Still, in the aggregate, the results are stunning, and the colors offer all kinds of ways to explore and inspire.

I've been busy over the last few weeks making prints and t-shirts and notebooks and wrapping paper, because I think the results of this project are pretty stunning... and because this whole three-month endeavor was funded on hope and curiosity; both of which are currently trading poorly against the dollar.
I've made a career out of quixotic projects, work that might skate to the edges of usefulness but not quite cross onto its polished surface. Partly this is because the tech industry has enough people making things for which the only measure of success is monetization. Mostly though, I think it's because I see coding as a thing that can sit close to fiction.

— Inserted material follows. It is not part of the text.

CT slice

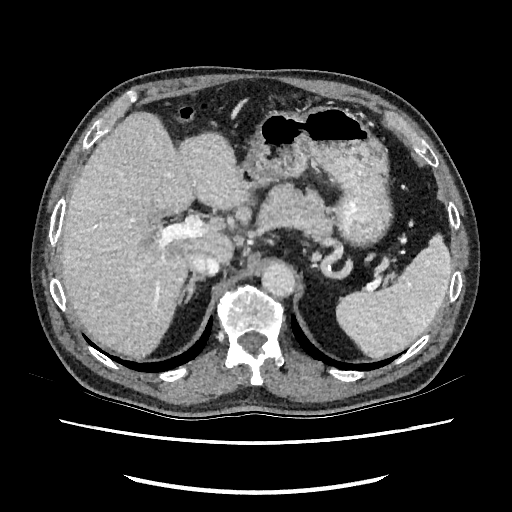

I hope you'll spend some time looking at the colorful feathery things this project has so far produced. I hope you make some snowflakes and send someone a greeting card, or hang your eBird life list on your Christmas tree.
If you need me, I'll be thinking about next year's strange project.
-Jer
¹ Breezy Point is not in Brooklyn. But is within Brooklyn's count territory, a 15 mile diameter circle centered near Prospect Park.
² Ridgway was unsatisfied with this first publication. He'd speak of the book as “seriously defective in the altogether inadequate number of colors represented, and in their unscientific arrangement.” I hear you, Robert.